Return the entries below word for word; no images should appear in the copy.
┄┄┄┄┄┄┄┄┄┄
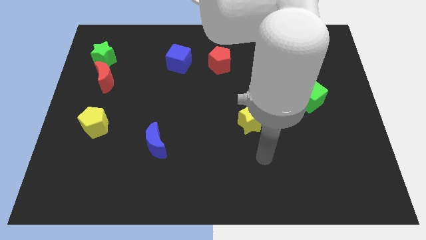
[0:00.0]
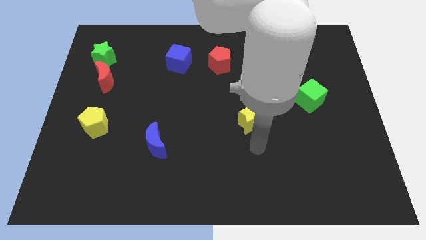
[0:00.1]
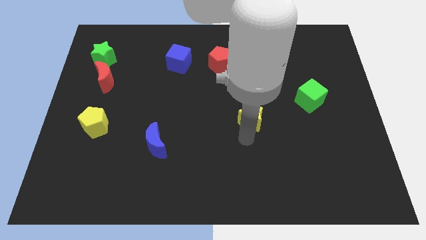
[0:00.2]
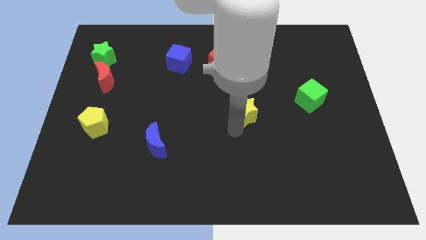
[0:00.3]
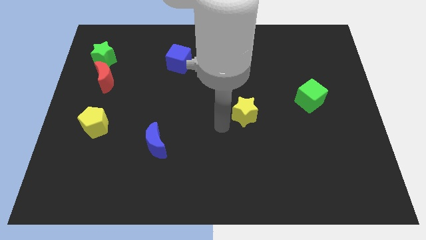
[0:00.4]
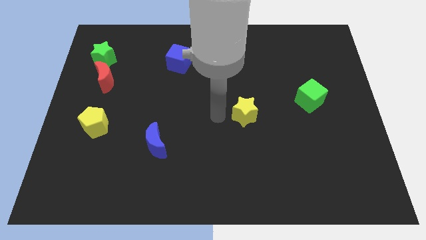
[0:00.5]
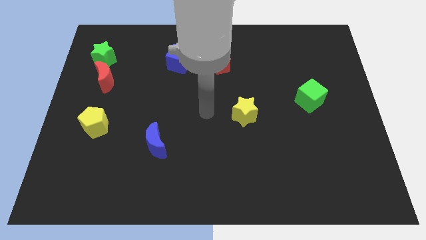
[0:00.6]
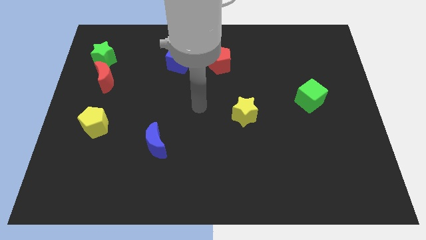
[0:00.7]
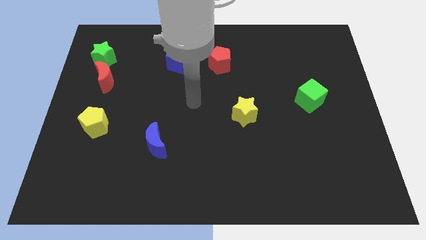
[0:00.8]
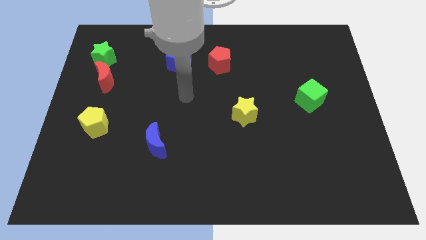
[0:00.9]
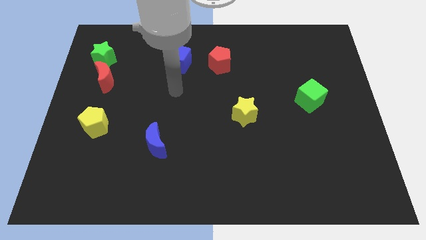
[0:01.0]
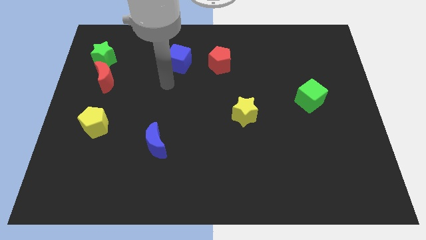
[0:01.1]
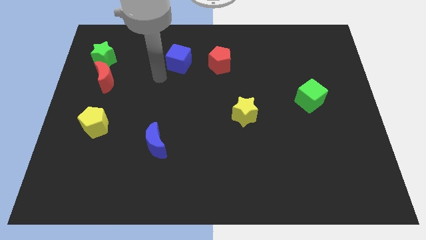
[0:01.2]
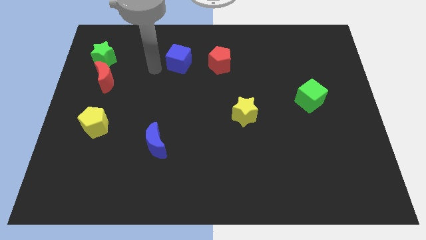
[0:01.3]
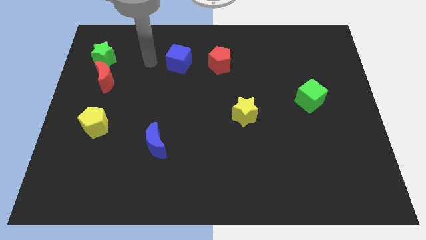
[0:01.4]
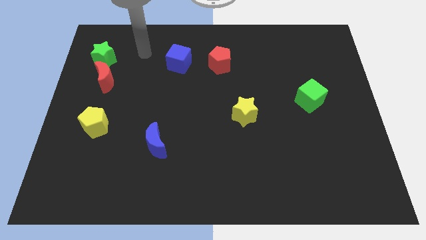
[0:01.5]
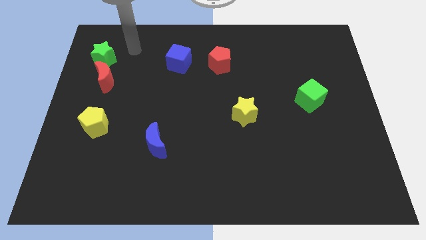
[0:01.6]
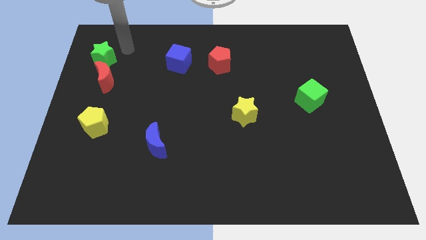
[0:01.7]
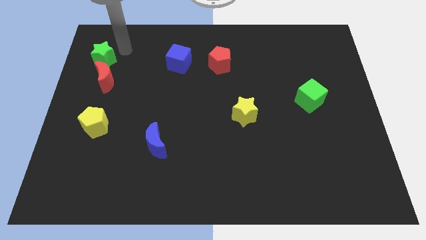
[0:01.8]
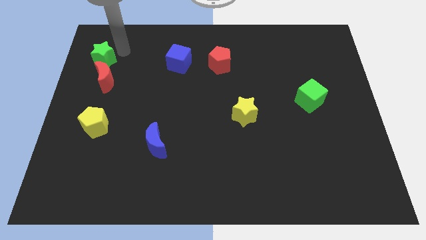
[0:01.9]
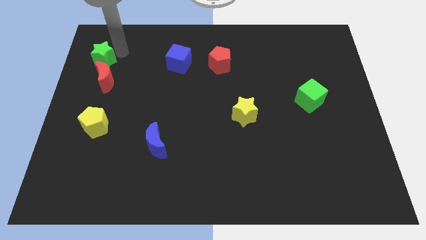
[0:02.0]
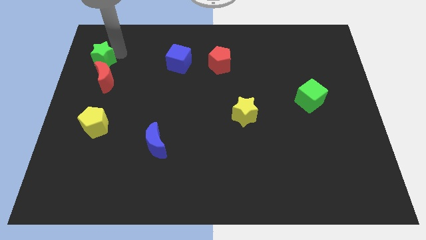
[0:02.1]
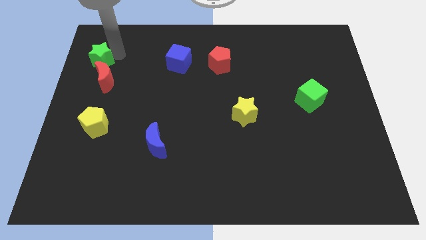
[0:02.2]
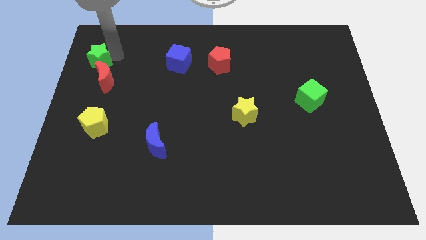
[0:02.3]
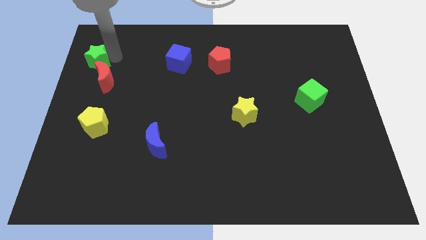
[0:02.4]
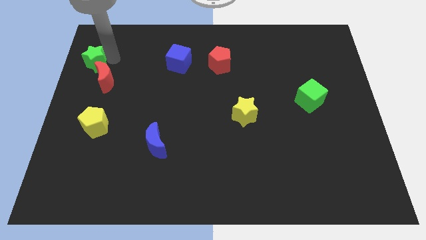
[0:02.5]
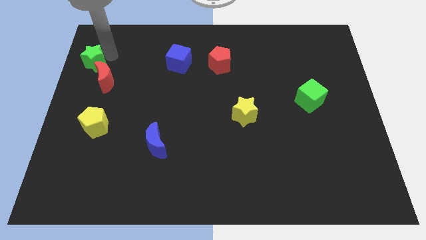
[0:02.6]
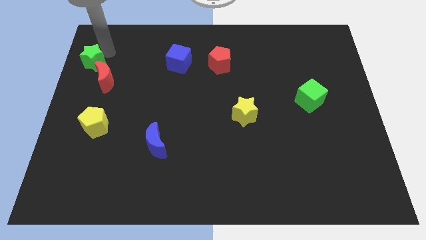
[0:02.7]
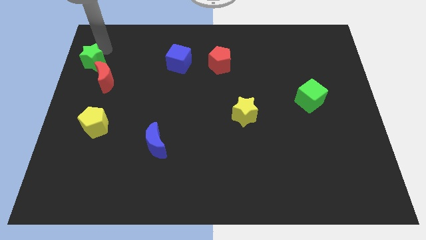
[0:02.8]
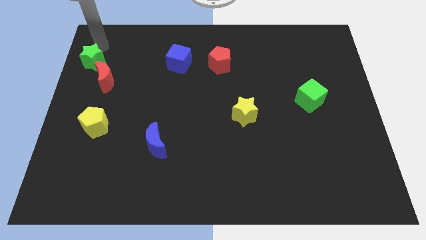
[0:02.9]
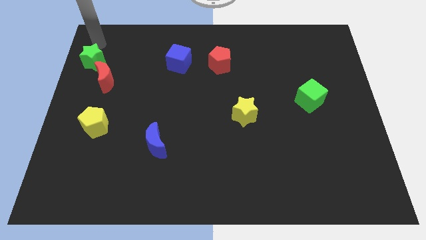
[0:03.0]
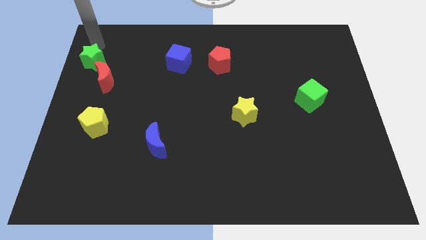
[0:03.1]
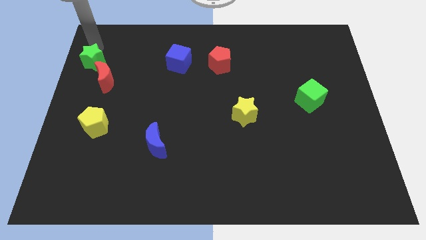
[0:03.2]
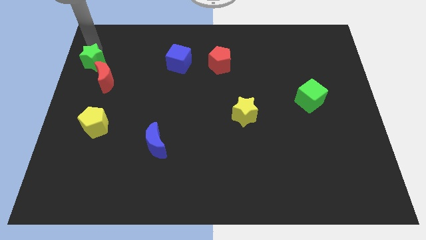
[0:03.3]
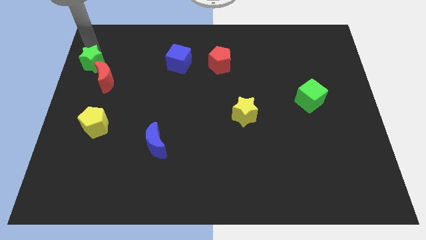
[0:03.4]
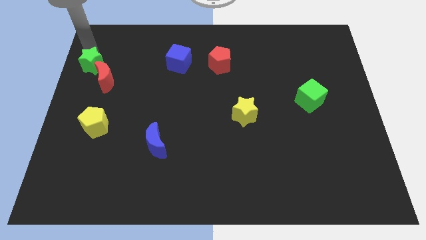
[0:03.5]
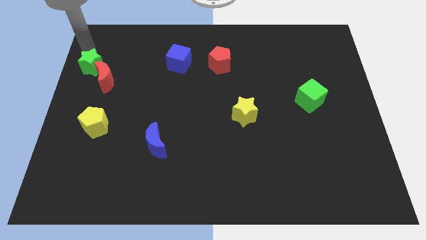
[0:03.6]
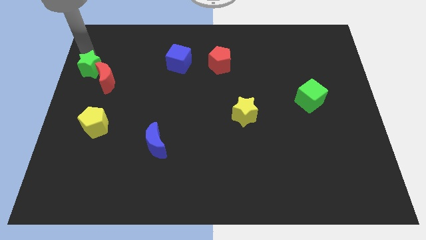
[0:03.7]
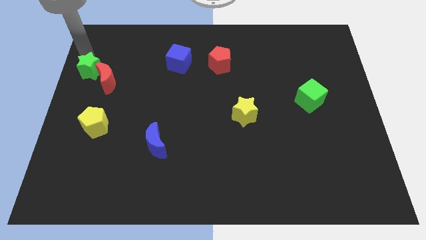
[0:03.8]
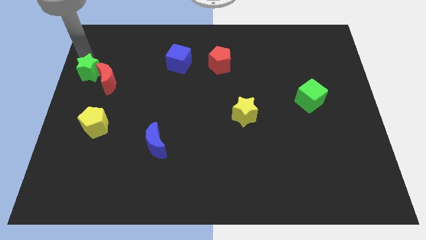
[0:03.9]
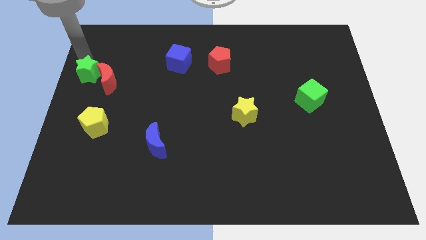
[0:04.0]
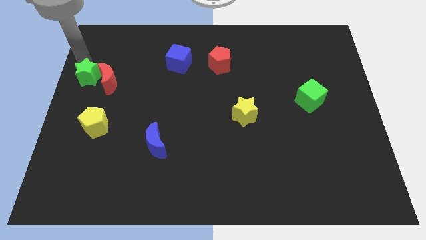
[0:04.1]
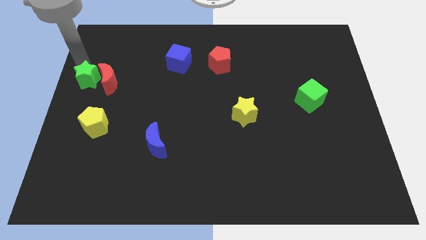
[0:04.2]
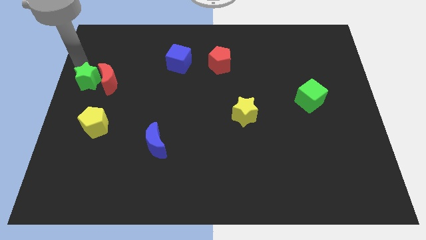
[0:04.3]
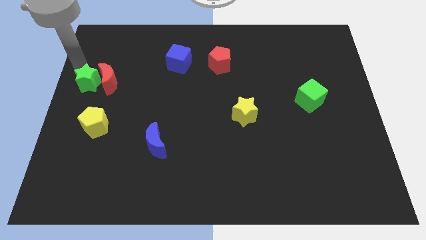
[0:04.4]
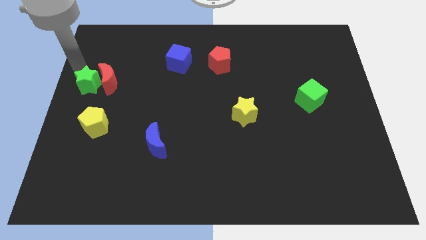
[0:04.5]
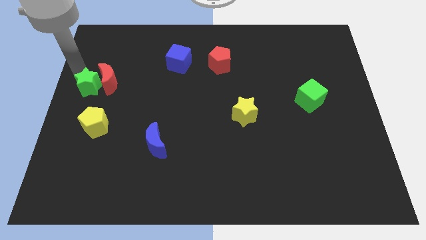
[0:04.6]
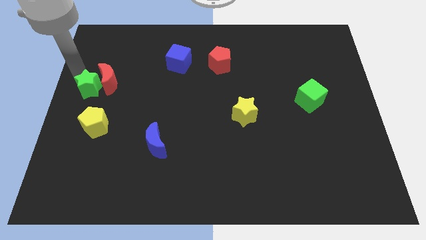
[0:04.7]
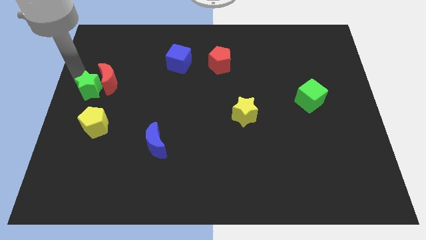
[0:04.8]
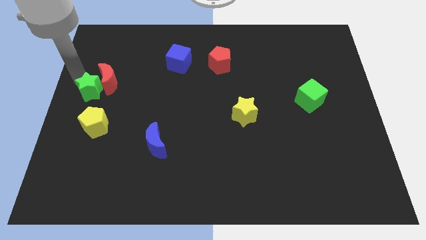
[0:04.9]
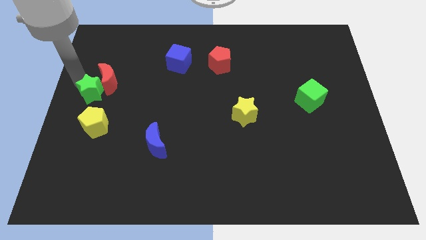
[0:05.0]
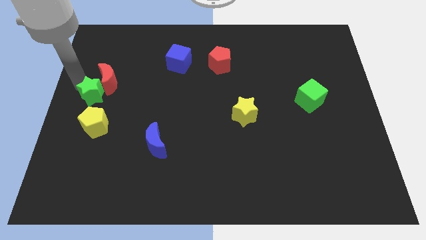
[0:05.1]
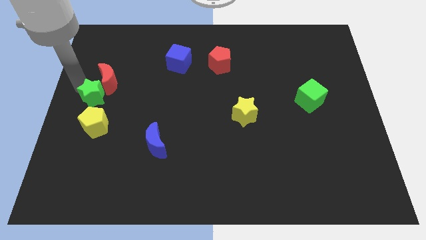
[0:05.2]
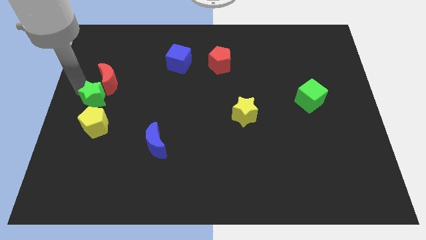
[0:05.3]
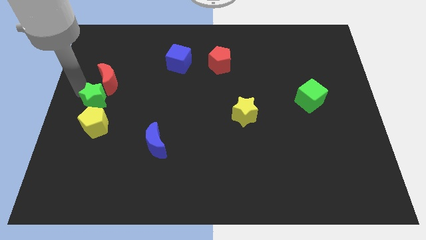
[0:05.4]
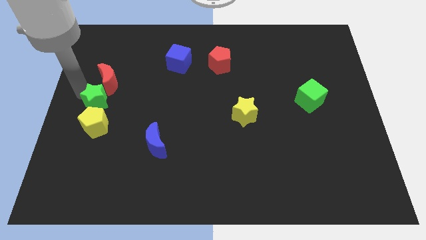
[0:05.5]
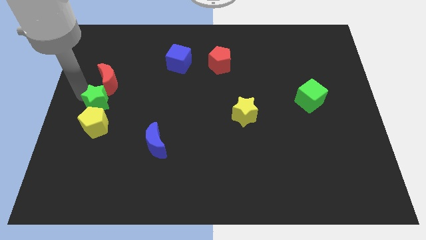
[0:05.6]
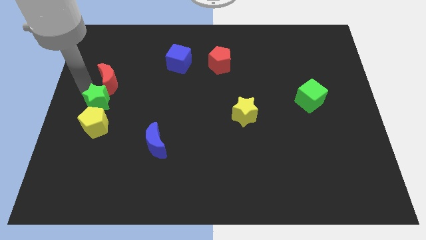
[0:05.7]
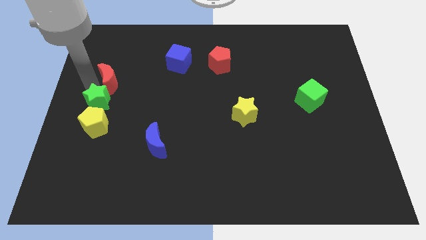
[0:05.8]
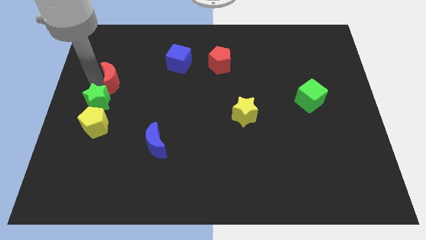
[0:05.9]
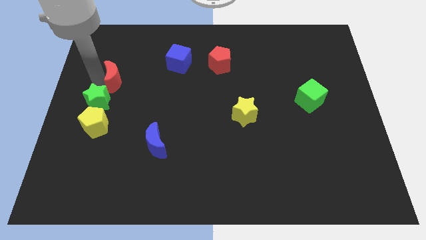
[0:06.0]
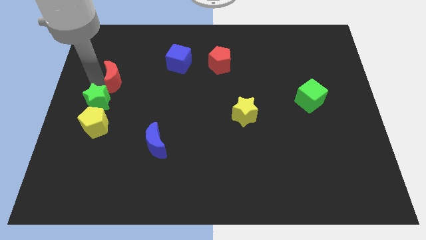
┄┄┄┄┄┄┄┄┄┄
● **SOLUTION**:
[0:00.0]
[0:00.1]
[0:00.2]
[0:00.3]
[0:00.4]
[0:00.5]
[0:00.6]
[0:00.7]
[0:00.8]
[0:00.9]
[0:01.0]
[0:01.1]
[0:01.2]
[0:01.3]
[0:01.4]
[0:01.5]
[0:01.6]
[0:01.7]
[0:01.8]
[0:01.9]
[0:02.0]
[0:02.1]
[0:02.2]
[0:02.3]
[0:02.4]
[0:02.5]
[0:02.6]
[0:02.7]
[0:02.8]
[0:02.9]
[0:03.0]
[0:03.1]
[0:03.2]
[0:03.3]
[0:03.4]
[0:03.5]
[0:03.6]
[0:03.7]
[0:03.8]
[0:03.9]
[0:04.0]
[0:04.1]
[0:04.2]
[0:04.3]
[0:04.4]
[0:04.5]
[0:04.6]
[0:04.7]
[0:04.8]
[0:04.9]
[0:05.0]
[0:05.1]
[0:05.2]
[0:05.3]
[0:05.4]
[0:05.5]
[0:05.6]
[0:05.7]
[0:05.8]
[0:05.9]
[0:06.0]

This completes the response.